DynamicTablesPkg has almost exactly the same paradigm as we are adding here: https://github.com/tianocore/edk2/blob/master/DynamicTablesPkg/Library/Common/TableHelperLib/ConfigurationManagerObjectParser.c, where a library is used to parse the large data structures and print them out.
I cannot comment DynamicTablesPkg. It is a new pkg I am not involved before. After a quick look, I think it also does more than dump, than main function is https://github.com/tianocore/edk2/blob/master/DynamicTablesPkg/Library/Common/TableHelperLib/TableHelper.c.
I am not yet convinced a dedicated lib to dump something is a clean architecture, based on the fact that we already have debug architecture and report_status architecture. If there is any feature request those architecture cannot satisfy, we should enhance the architecture to support broader use case.

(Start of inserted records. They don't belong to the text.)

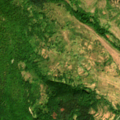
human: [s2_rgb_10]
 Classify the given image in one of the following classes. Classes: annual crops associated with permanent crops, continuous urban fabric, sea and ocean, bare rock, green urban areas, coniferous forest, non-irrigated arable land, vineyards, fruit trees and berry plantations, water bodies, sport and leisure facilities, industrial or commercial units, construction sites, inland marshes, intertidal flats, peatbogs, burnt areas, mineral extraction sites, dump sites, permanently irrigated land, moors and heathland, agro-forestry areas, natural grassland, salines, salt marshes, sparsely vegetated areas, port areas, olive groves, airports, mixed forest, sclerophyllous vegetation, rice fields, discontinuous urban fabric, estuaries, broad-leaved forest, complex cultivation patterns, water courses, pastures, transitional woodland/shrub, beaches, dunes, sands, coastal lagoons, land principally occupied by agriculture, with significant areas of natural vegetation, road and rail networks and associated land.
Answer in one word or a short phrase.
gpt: land principally occupied by agriculture, with significant areas of natural vegetation, broad-leaved forest, mixed forest, transitional woodland/shrub
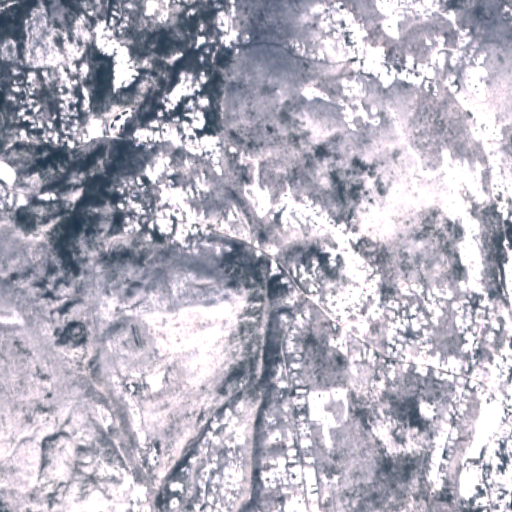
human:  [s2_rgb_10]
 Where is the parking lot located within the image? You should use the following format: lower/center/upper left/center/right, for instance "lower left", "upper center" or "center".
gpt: The parking lot is located in the center left of the image.
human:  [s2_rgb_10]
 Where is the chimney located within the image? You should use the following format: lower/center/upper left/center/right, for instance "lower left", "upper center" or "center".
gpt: The chimney is located in the center left of the image.
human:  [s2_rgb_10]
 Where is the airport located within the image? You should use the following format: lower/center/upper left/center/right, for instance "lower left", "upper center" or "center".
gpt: There is no airport in the image.
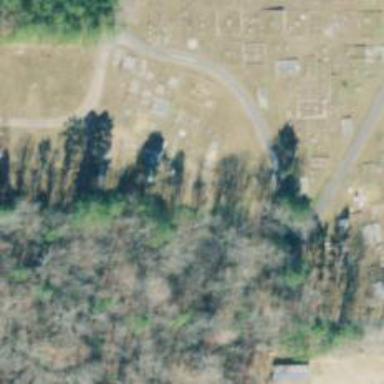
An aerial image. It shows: Cemetery.
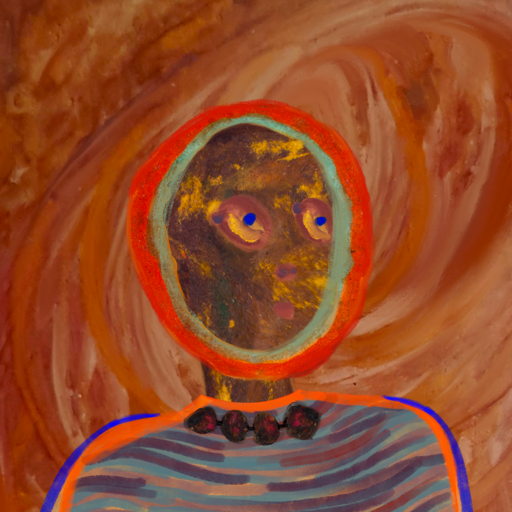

@jyao1 I clearly have not convinced you :)
I don't want to spend more cycles here, so I will:
- Drop the library and add a DEBUG_TPM bit in PcdDebugErrorLevel
- Move all of the code added to the lib to log at DEBUG_TPM level and be wrapped in DEBUG_CODE()
I believe this aligns with what you want, please let me know if this is acceptable.
Drop the library and add a DEBUG_TPM bit in PcdDebugErrorLevel Move all of the code added to the lib to log at DEBUG_TPM level and be wrapped in DEBUG_CODE()
Yes. I think that is OK. If you want to move the debug code to a standalone file understand same dir, it is also fine. That will only change INF file in the package. No other platform change is required. If you want to use REPORT_STATUS_CODE_WITH_EXTENDED_DATA as a hook to dump more information, that is also fine.
⚠ WARNING: Cannot add some reviewers: A user specified as a reviewer for this PR is not a collaborator of the repository. Please add them as a collaborator to the repository so they can be requested in the future.
Non-collaborators requested:
- @osteffenrh
Attn Admins:
- @jljusten
- @ardbiesheuvel
- @lgao4
- @mdkinney
- @makubacki
- @jkmathews
- @miki-intel-work
Admin Instructions:
- Add the non-collaborators as collaborators to the appropriate team(s) listed in teams
- If they are no longer needed as reviewers, remove them from
Maintainers.txt
@jyao1 @rahul1-kumar I have updated this PR to move to DEBUG_TPM as discussed (and updated title/description), please re-review.
@mdkinney @lgao4 I have updated this PR to make changes to MdePkg to add the DEBUG_TPM bit as requested by @jyao1 . Please review.
@mdkinney @jyao1 @rahul1-kumar @lgao4 please review
@mdkinney @jyao1 @rahul1-kumar @lgao4 please review
The change in MdePkg is good to me.
@jyao1 @rahul1-kumar can you please review from the SecurityPkg side? MdePkg maintainers have approved the DEBUG_SECURITY bit.